» Goal of the exercise:
Find how many lines of the listing below include the word "fundus", then report the number by itself.

***** Provided entries *****

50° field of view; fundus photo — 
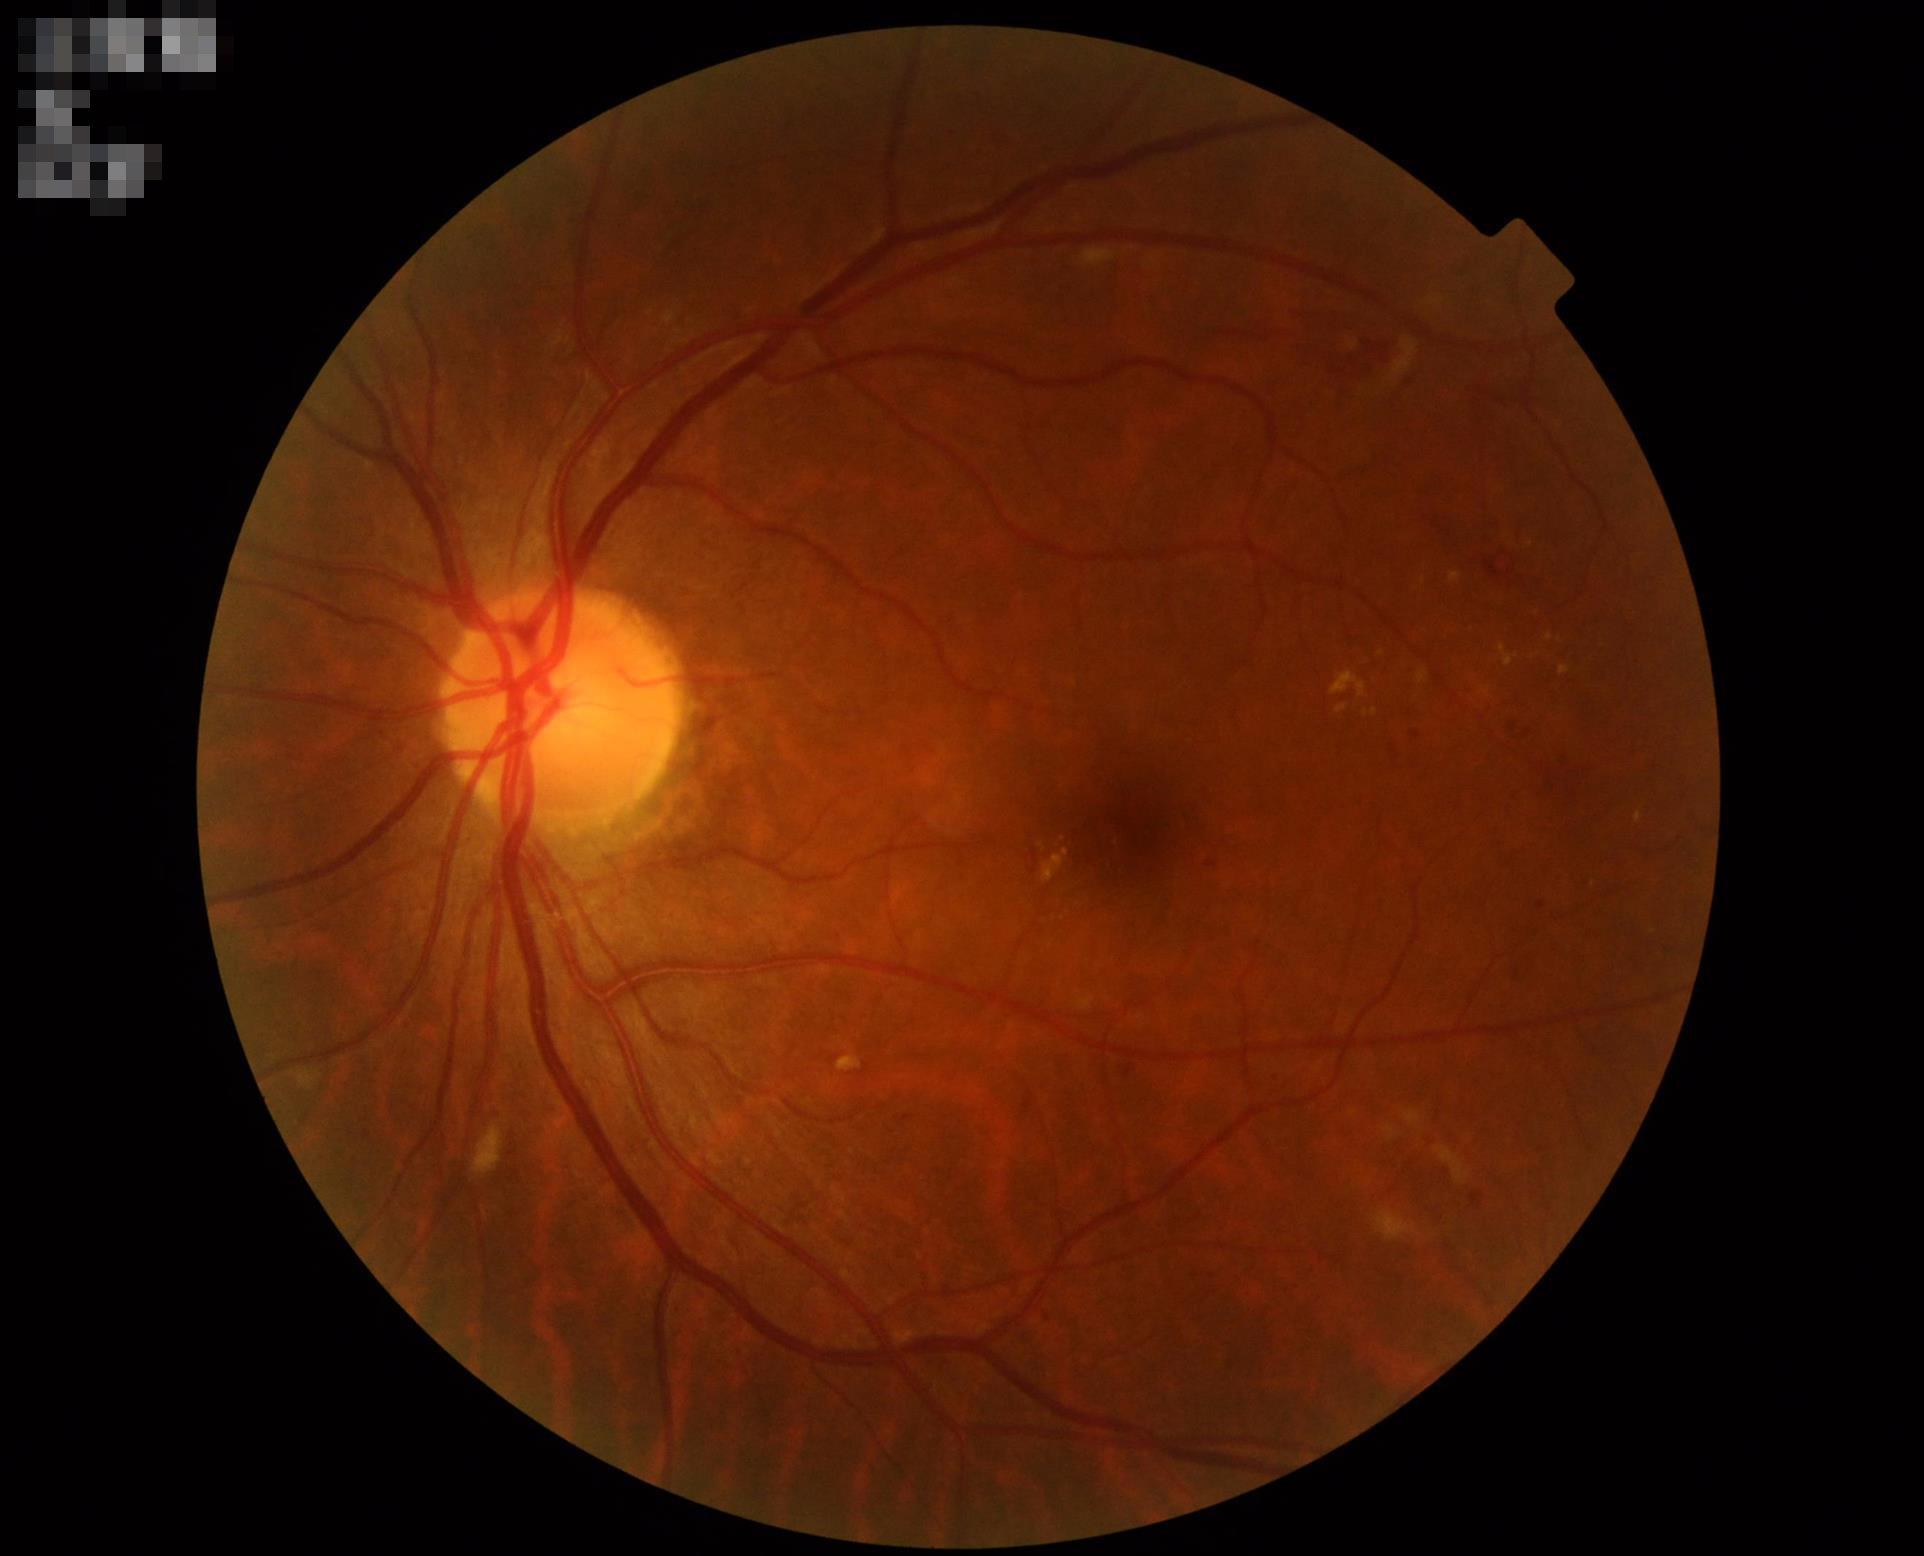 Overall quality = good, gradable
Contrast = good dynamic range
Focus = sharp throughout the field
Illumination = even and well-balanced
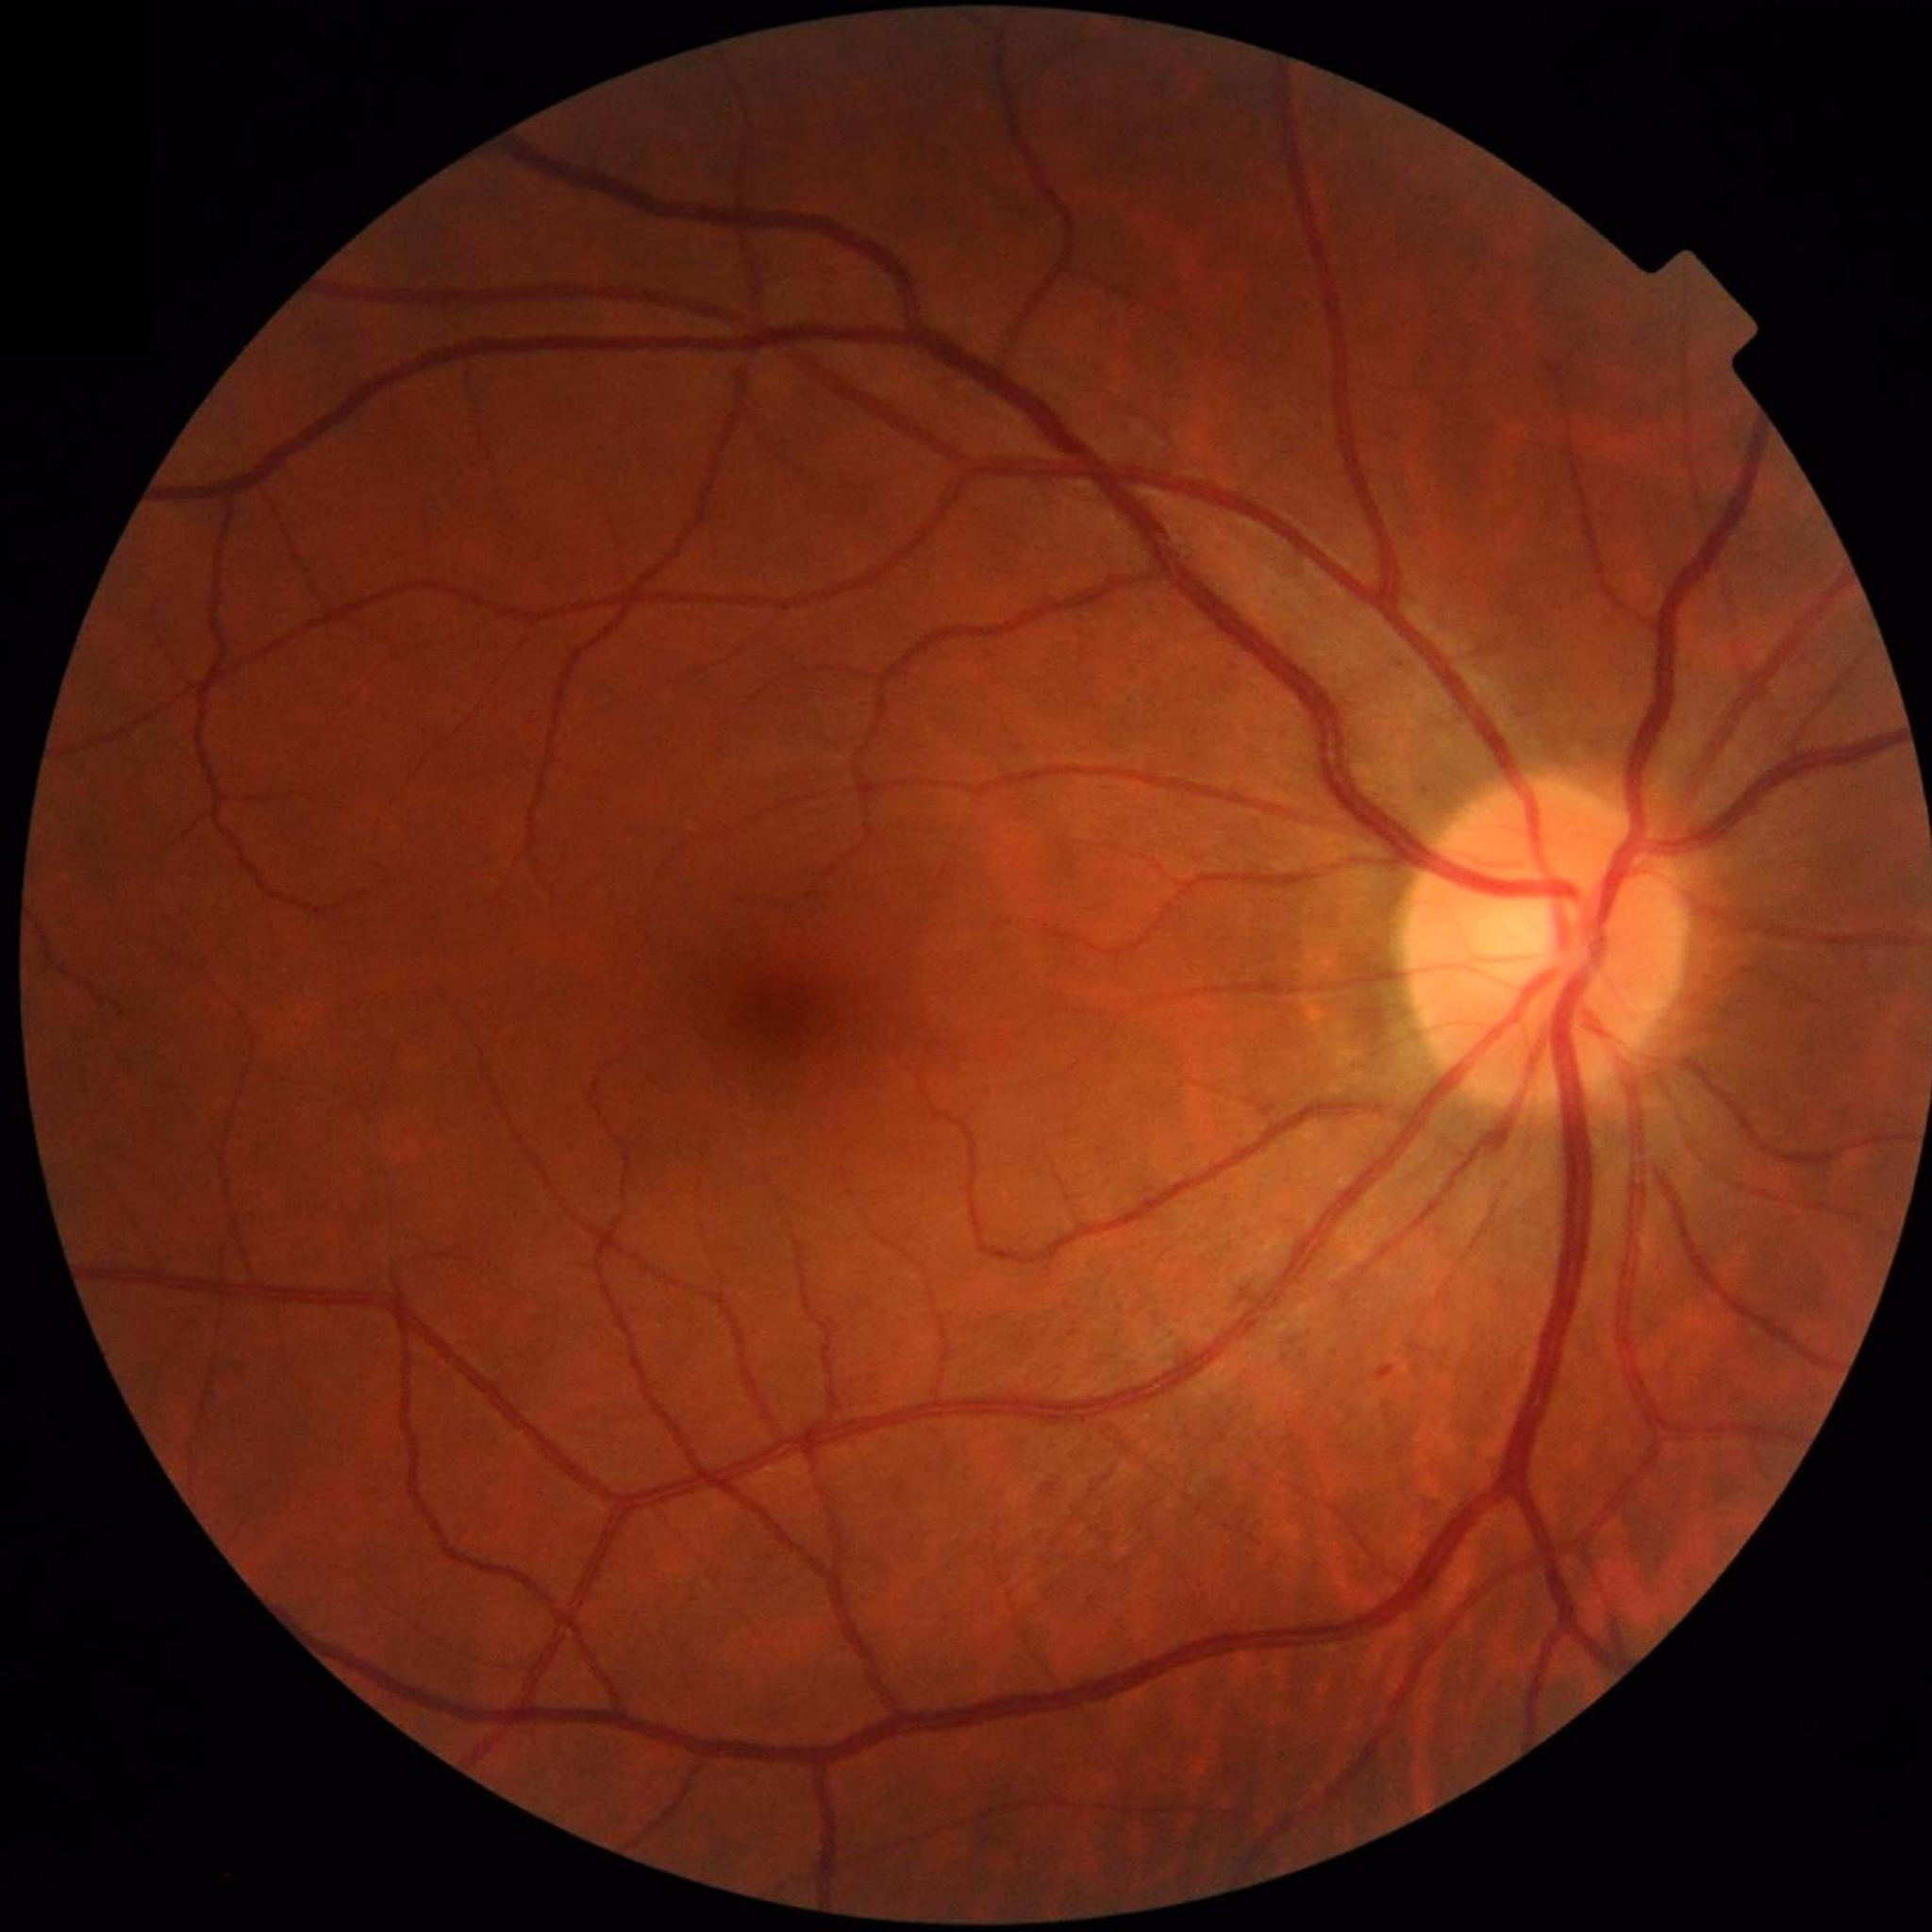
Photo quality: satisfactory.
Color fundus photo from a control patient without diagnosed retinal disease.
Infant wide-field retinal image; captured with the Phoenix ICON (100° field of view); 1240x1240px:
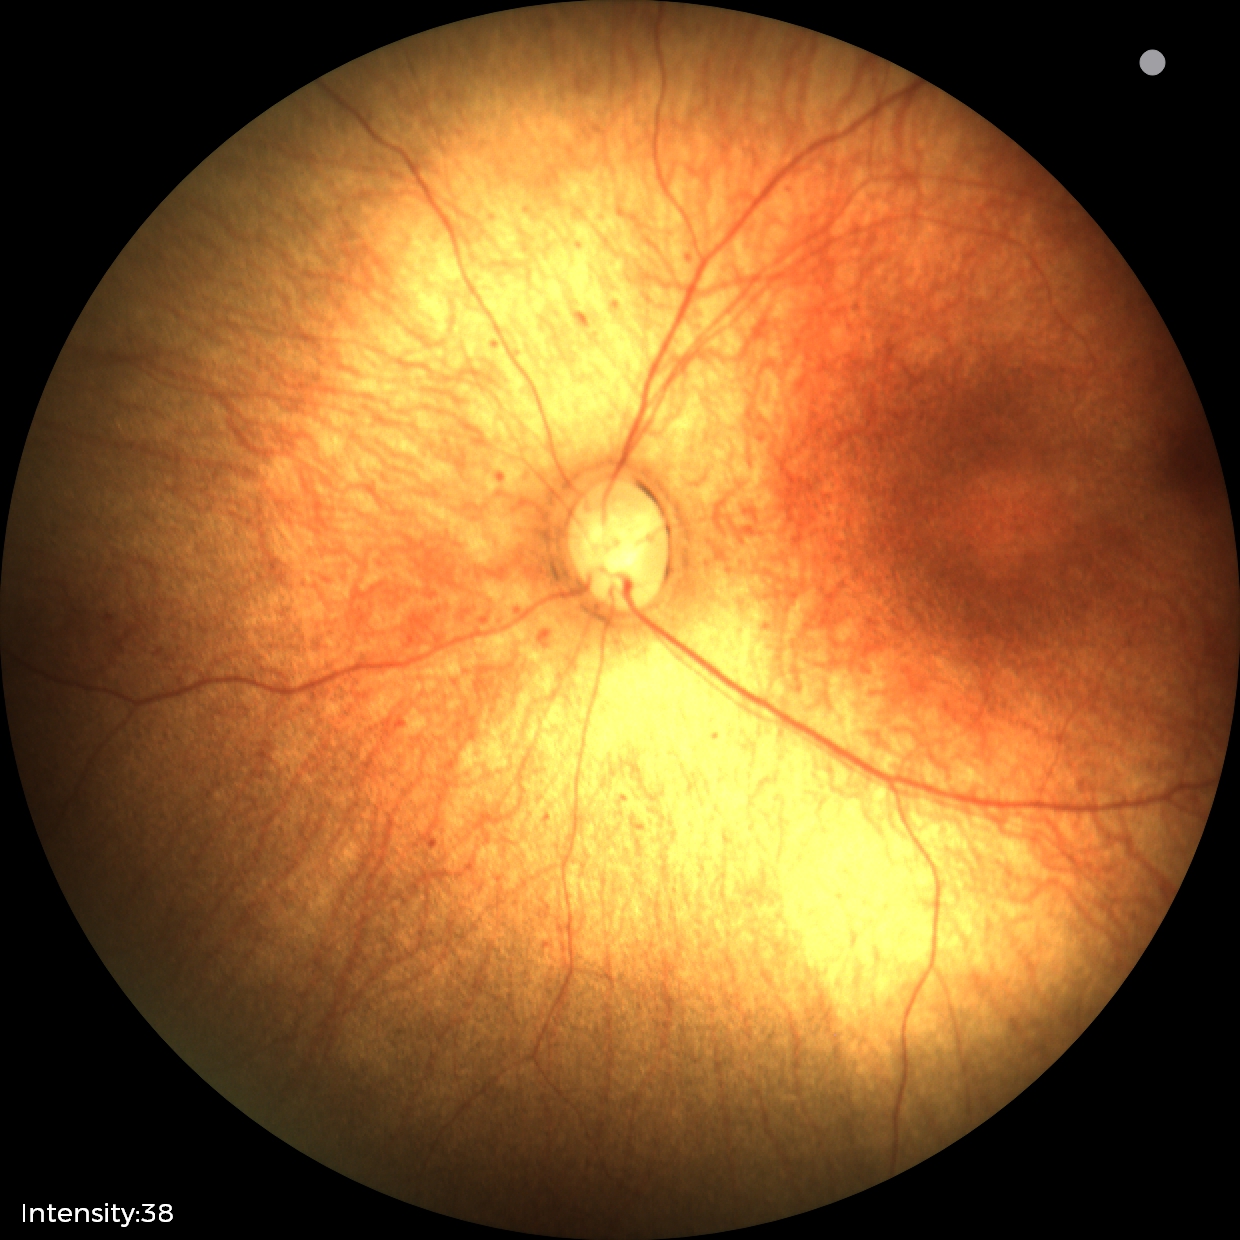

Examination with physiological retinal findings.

*****

» Answer box:
2